■ **To do**: Print again, word for word, all of the records below, and leave the pictures out.

(Beginning of Data for processing)

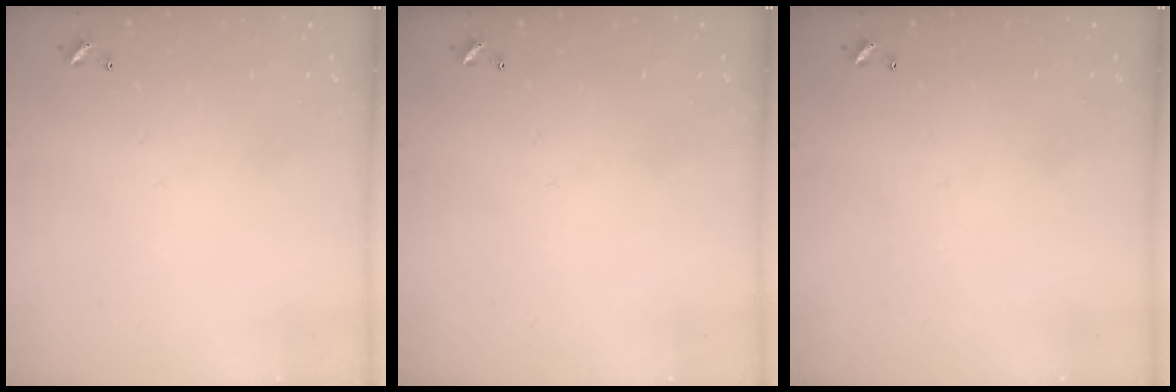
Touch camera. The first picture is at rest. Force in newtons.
{"total": 0.0}
{"total": 0.0}
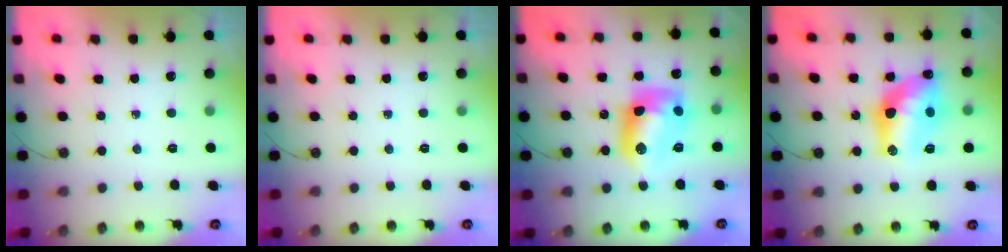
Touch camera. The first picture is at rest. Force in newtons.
{"total": 0.0}
{"total": 12.6, "press": 12.6, "slide": 0.8}
{"total": 15.0, "press": 14.9, "slide": 0.9}
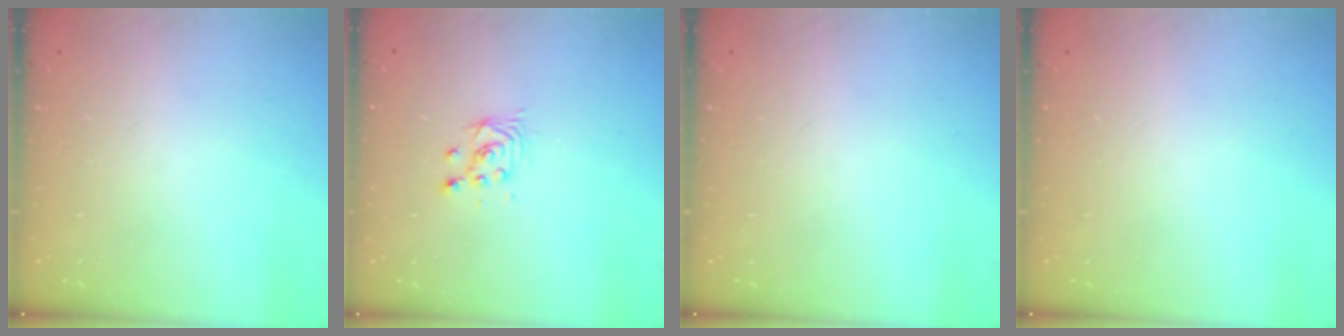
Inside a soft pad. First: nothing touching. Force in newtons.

(End of Data for processing)

■ **Completed exercise**:
Touch camera. The first picture is at rest. Force in newtons.
{"total": 0.0}
{"total": 0.0}
Touch camera. The first picture is at rest. Force in newtons.
{"total": 0.0}
{"total": 12.6, "press": 12.6, "slide": 0.8}
{"total": 15.0, "press": 14.9, "slide": 0.9}
Inside a soft pad. First: nothing touching. Force in newtons.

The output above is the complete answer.